Problem to work on:
Copy all the records word for word, apart from any pictures.

Supplied entries:
== Segment start ==
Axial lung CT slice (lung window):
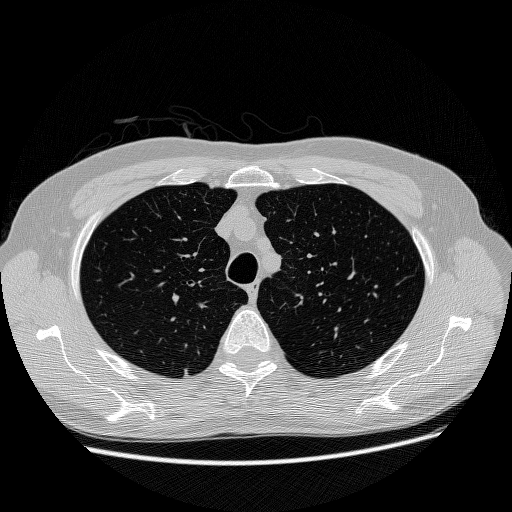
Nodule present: no
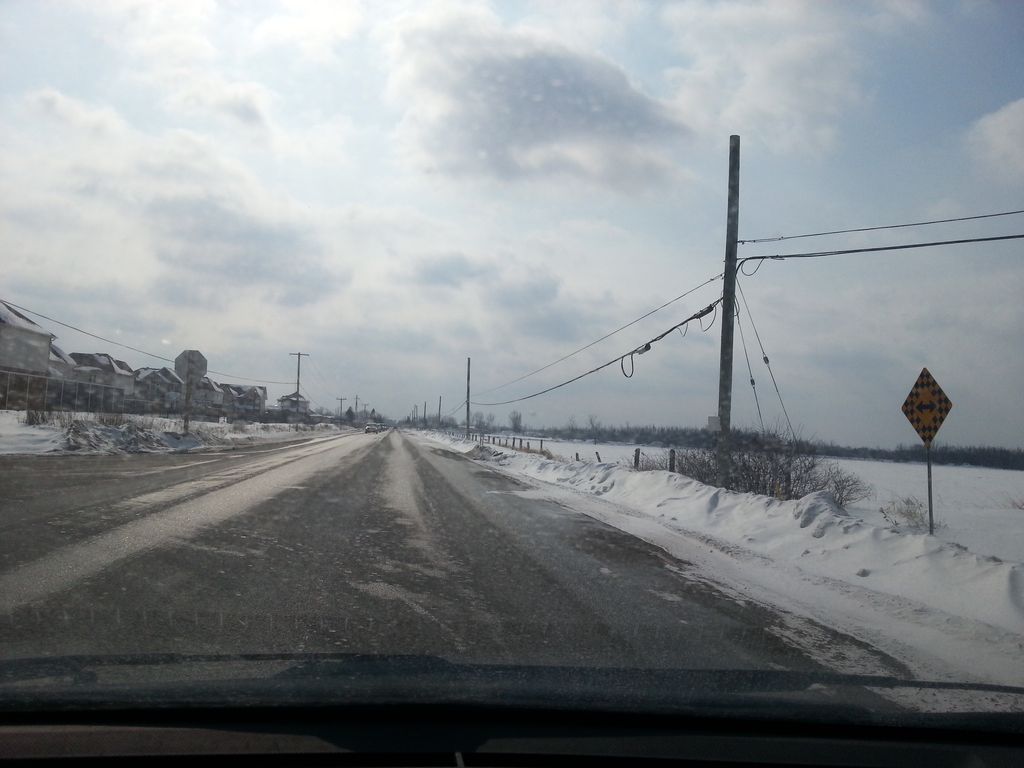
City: ottawa-gatineau
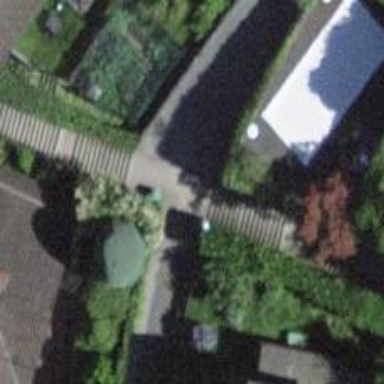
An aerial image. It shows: Road with steps.
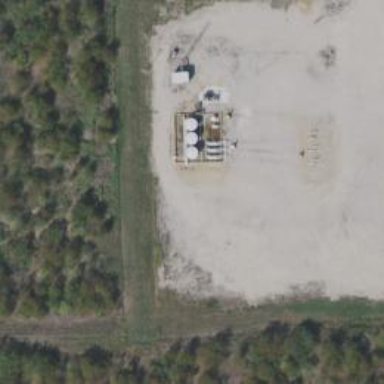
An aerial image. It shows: Storage tank with man-made structure.
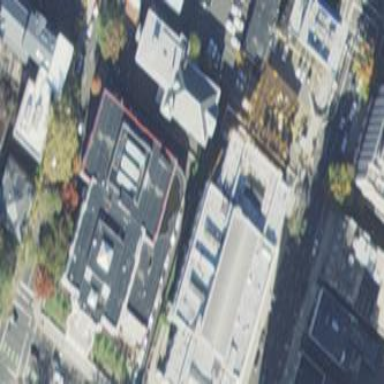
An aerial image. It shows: Public building.
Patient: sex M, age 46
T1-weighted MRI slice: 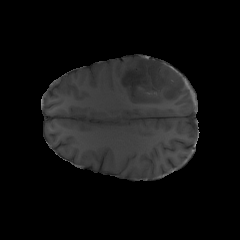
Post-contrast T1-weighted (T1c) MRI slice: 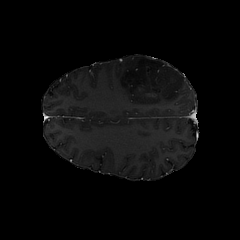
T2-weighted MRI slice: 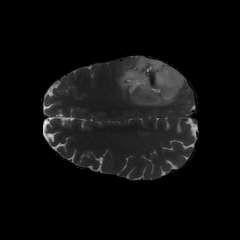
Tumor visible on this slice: yes
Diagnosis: Astrocytoma, IDH-mutant
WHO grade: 3
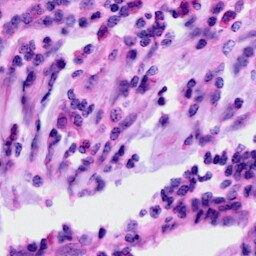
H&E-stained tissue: Cervix
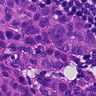
Metastatic tissue present: yes
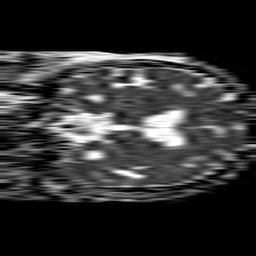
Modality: ADC
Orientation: coronal
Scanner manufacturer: philips
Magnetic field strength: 1.5 T
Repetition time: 4.6 s
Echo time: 0.08517 s
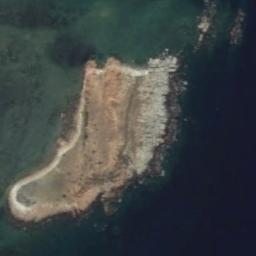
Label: island
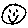
Label: smiley face
== Segment end ==
Output below:
Axial lung CT slice (lung window):
Nodule present: no
City: ottawa-gatineau
An aerial image. It shows: Road with steps.
An aerial image. It shows: Storage tank with man-made structure.
An aerial image. It shows: Public building.
Patient: sex M, age 46
T1-weighted MRI slice: 
Post-contrast T1-weighted (T1c) MRI slice: 
T2-weighted MRI slice: 
Tumor visible on this slice: yes
Diagnosis: Astrocytoma, IDH-mutant
WHO grade: 3
H&E-stained tissue: Cervix
Metastatic tissue present: yes
Modality: ADC
Orientation: coronal
Scanner manufacturer: philips
Magnetic field strength: 1.5 T
Repetition time: 4.6 s
Echo time: 0.08517 s
Label: island
Label: smiley face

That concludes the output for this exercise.